┌──
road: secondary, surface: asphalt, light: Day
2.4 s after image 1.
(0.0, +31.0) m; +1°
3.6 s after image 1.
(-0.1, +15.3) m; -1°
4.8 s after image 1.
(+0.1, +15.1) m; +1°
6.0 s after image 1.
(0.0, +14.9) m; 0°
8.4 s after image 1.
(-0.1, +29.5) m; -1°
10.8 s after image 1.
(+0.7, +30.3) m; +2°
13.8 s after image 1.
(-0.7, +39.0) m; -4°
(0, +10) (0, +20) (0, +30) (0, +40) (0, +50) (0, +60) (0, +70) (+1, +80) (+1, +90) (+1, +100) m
└──
┌──
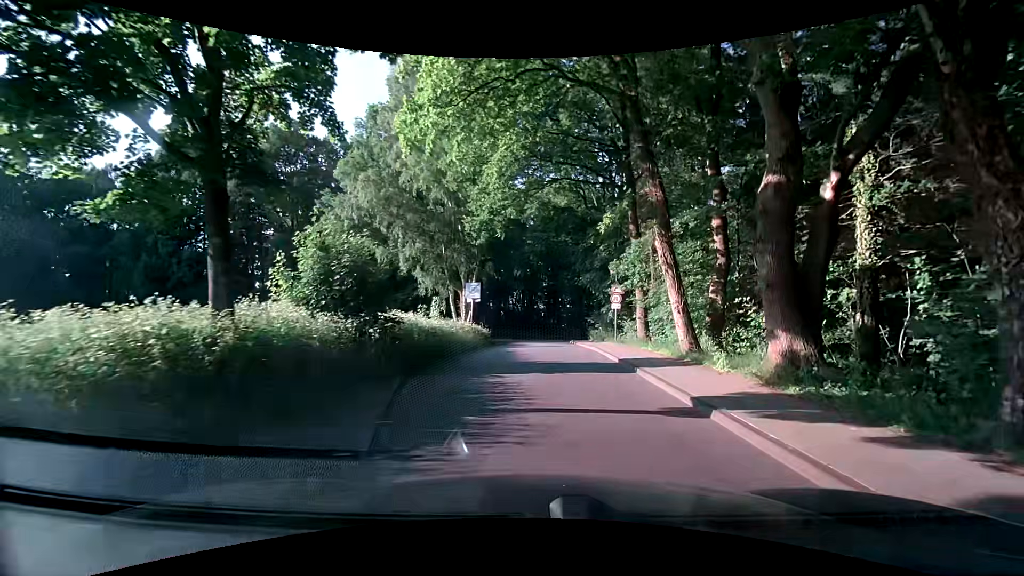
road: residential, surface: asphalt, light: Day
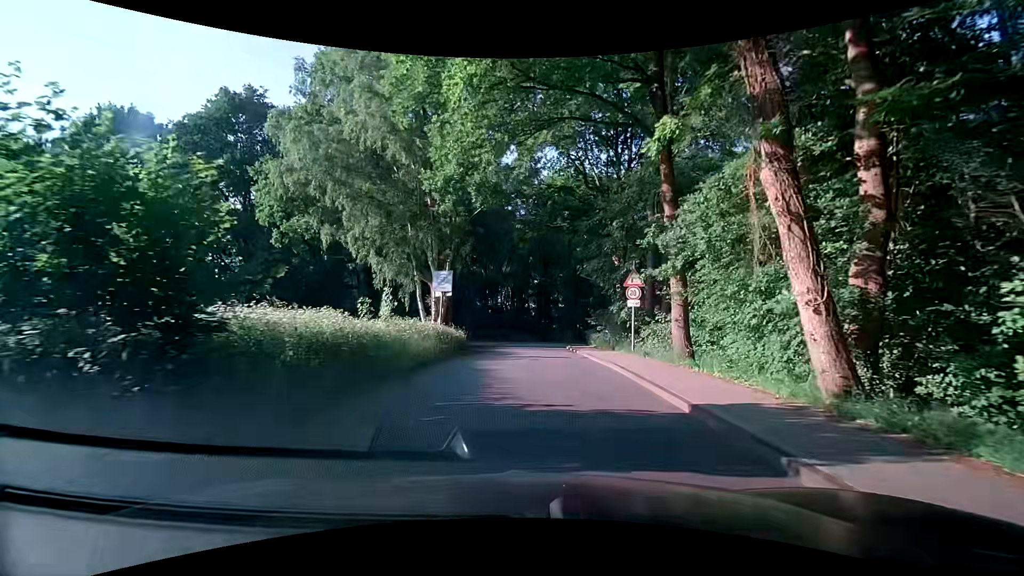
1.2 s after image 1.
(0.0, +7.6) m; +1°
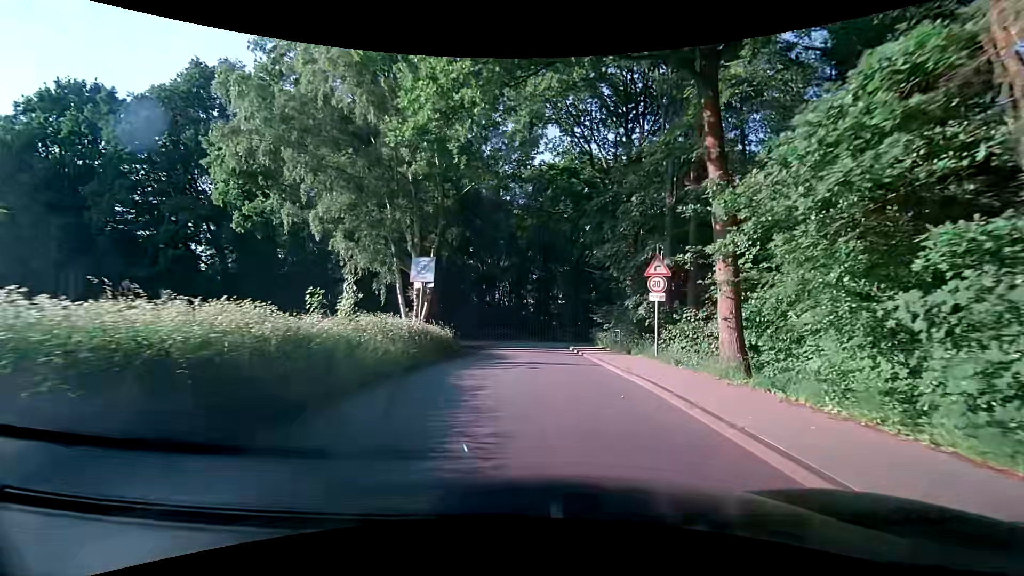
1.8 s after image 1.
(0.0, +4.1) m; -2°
└──
▸ **Instructions to follow**:
From the entries above, copy every line where the word "light" shows up.

▸ **The answer**:
road: secondary, surface: asphalt, light: Day
road: residential, surface: asphalt, light: Day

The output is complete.